BEGIN Input records

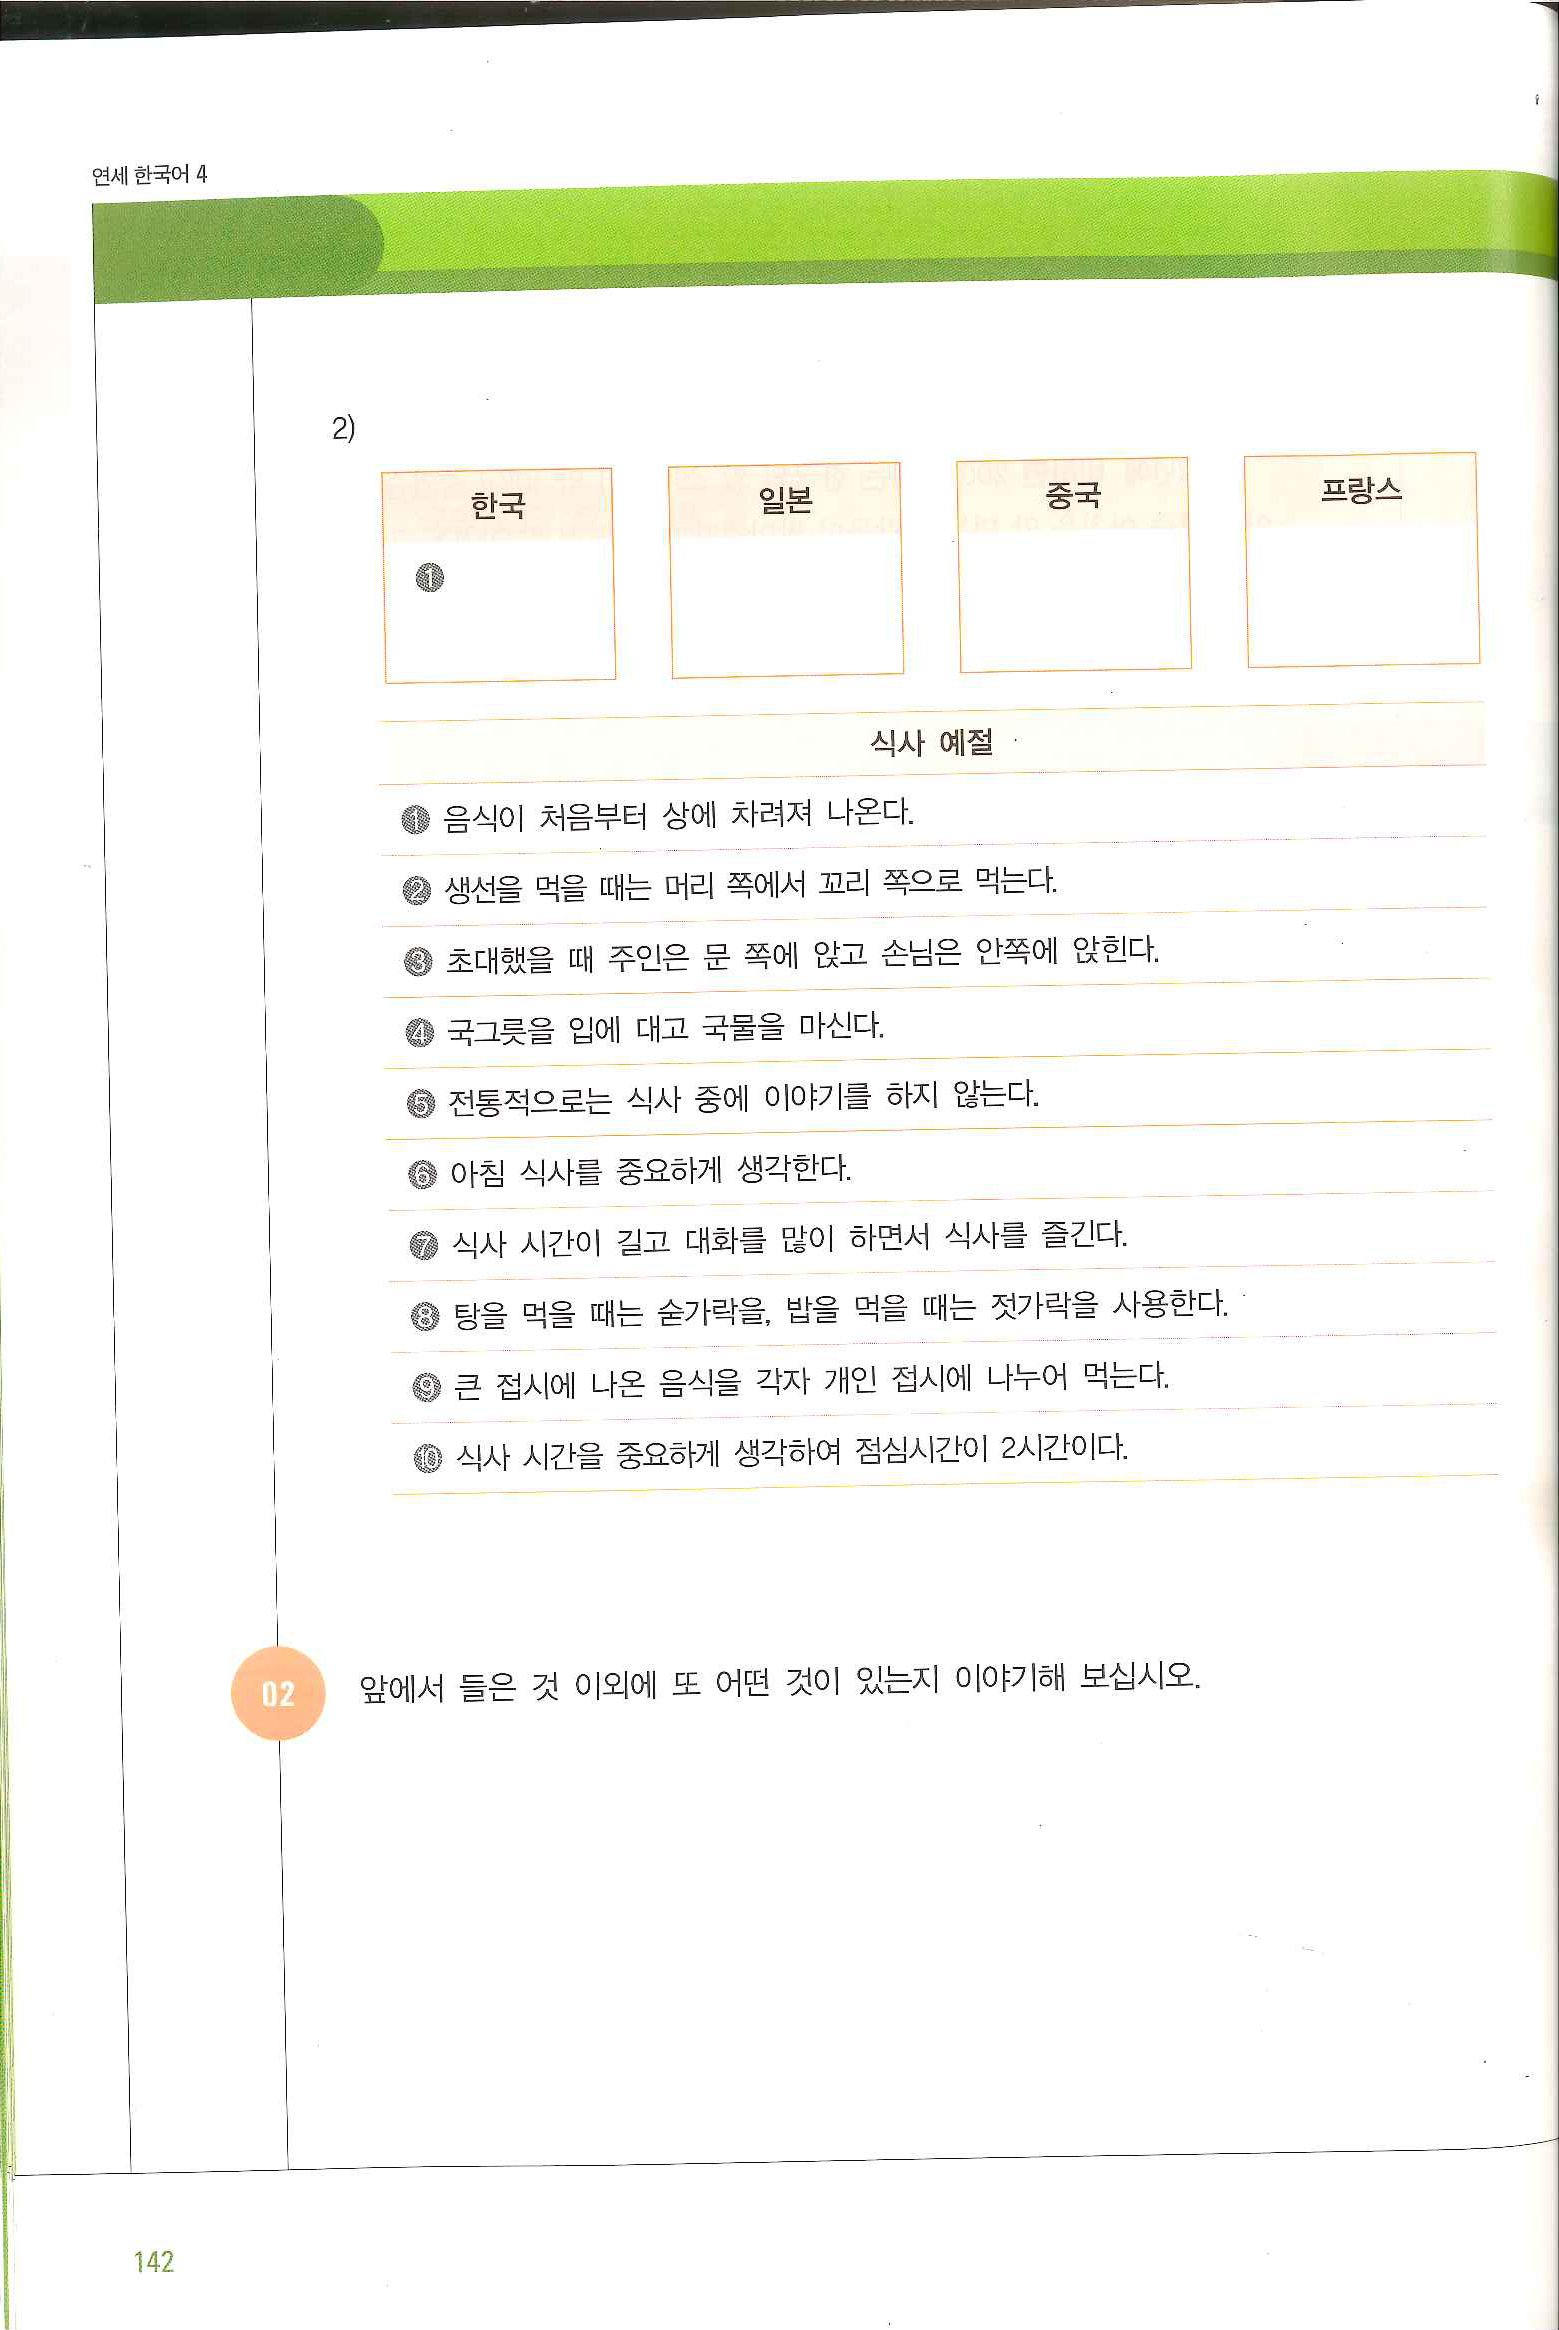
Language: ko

END Input records
BEGIN Input records

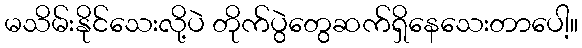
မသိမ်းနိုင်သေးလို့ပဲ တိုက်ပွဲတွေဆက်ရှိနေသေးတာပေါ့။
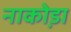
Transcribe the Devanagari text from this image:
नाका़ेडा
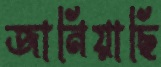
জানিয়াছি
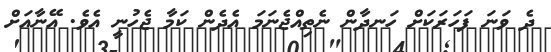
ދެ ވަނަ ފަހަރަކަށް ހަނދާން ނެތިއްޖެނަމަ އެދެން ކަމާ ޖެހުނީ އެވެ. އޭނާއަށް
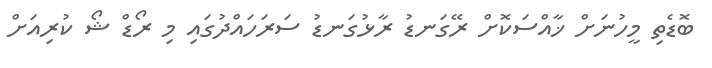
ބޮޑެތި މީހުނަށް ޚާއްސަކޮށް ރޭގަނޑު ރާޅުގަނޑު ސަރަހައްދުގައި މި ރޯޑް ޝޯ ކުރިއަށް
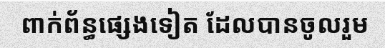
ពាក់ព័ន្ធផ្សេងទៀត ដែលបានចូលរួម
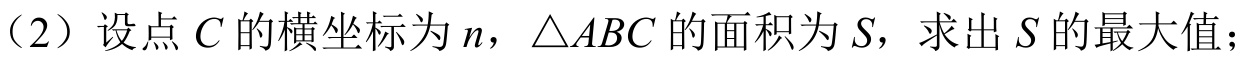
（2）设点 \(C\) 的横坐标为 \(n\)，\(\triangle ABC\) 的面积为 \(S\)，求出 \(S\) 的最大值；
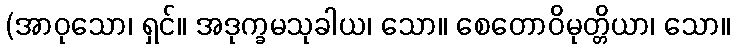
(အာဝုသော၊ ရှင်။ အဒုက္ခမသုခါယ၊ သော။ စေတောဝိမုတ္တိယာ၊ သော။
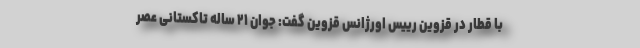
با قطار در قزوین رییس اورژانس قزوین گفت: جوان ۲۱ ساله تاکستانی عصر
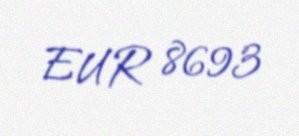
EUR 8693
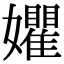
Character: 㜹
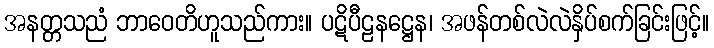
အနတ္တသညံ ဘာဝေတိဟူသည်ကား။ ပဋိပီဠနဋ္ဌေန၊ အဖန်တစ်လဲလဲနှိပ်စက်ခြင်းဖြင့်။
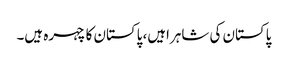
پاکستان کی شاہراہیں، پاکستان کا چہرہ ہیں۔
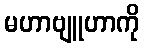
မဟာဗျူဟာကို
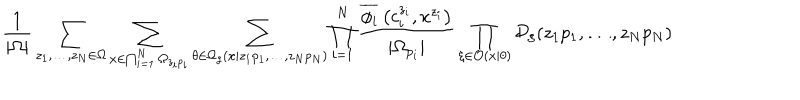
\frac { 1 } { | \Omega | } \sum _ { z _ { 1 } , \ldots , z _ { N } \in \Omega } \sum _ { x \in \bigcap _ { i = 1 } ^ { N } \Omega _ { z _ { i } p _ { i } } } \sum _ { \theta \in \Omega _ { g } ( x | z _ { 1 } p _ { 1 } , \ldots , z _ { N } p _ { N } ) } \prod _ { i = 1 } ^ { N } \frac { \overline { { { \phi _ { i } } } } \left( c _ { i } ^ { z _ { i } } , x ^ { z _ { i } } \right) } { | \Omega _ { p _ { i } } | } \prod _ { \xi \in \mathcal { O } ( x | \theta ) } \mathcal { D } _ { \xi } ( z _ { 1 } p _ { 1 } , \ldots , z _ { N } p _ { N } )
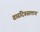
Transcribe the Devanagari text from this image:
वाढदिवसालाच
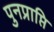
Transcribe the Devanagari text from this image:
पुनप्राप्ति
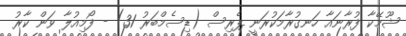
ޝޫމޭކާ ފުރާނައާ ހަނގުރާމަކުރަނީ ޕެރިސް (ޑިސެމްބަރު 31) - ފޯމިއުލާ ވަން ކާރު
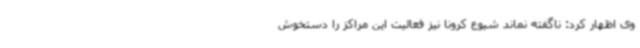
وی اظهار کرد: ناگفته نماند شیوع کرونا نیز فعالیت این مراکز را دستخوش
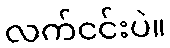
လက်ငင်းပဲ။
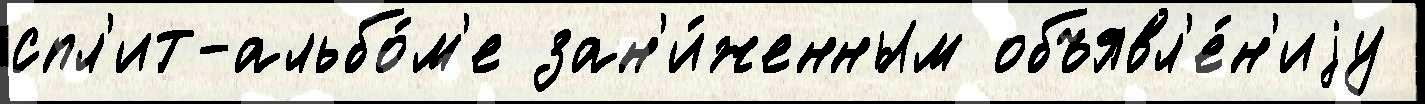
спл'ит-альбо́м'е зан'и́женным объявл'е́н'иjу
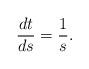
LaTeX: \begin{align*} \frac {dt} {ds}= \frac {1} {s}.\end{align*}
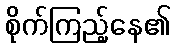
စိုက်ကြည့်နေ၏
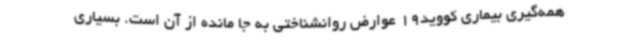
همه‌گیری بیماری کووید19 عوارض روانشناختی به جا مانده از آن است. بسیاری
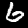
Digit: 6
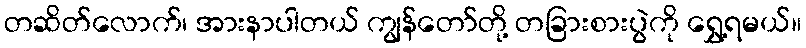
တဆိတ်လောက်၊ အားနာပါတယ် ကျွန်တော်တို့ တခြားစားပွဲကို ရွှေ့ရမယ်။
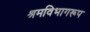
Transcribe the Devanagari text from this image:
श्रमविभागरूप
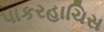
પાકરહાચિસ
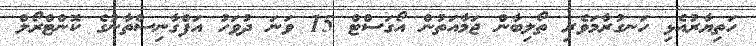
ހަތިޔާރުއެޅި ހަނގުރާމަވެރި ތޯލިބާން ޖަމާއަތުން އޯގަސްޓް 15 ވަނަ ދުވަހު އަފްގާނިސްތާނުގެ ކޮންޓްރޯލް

END Input records

Task to complete – Return the stretch of data that begins with the line showing "وی اظهار کرد: ناگفته" and goes on through the line showing "ހަތިޔާރުއެޅި ހަނގުރާމަވެރި ތޯލިބާން", exactly, with pictures removed.

Written answer –
وی اظهار کرد: ناگفته نماند شیوع کرونا نیز فعالیت این مراکز را دستخوش
လက်ငင်းပဲ။
спл'ит-альбо́м'е зан'и́женным объявл'е́н'иjу
LaTeX: \begin{align*} \frac {dt} {ds}= \frac {1} {s}.\end{align*}
စိုက်ကြည့်နေ၏
همه‌گیری بیماری کووید19 عوارض روانشناختی به جا مانده از آن است. بسیاری
Digit: 6
တဆိတ်လောက်၊ အားနာပါတယ် ကျွန်တော်တို့ တခြားစားပွဲကို ရွှေ့ရမယ်။
Transcribe the Devanagari text from this image:
श्रमविभागरूप
પાકરહાચિસ
ހަތިޔާރުއެޅި ހަނގުރާމަވެރި ތޯލިބާން ޖަމާއަތުން އޯގަސްޓް 15 ވަނަ ދުވަހު އަފްގާނިސްތާނުގެ ކޮންޓްރޯލް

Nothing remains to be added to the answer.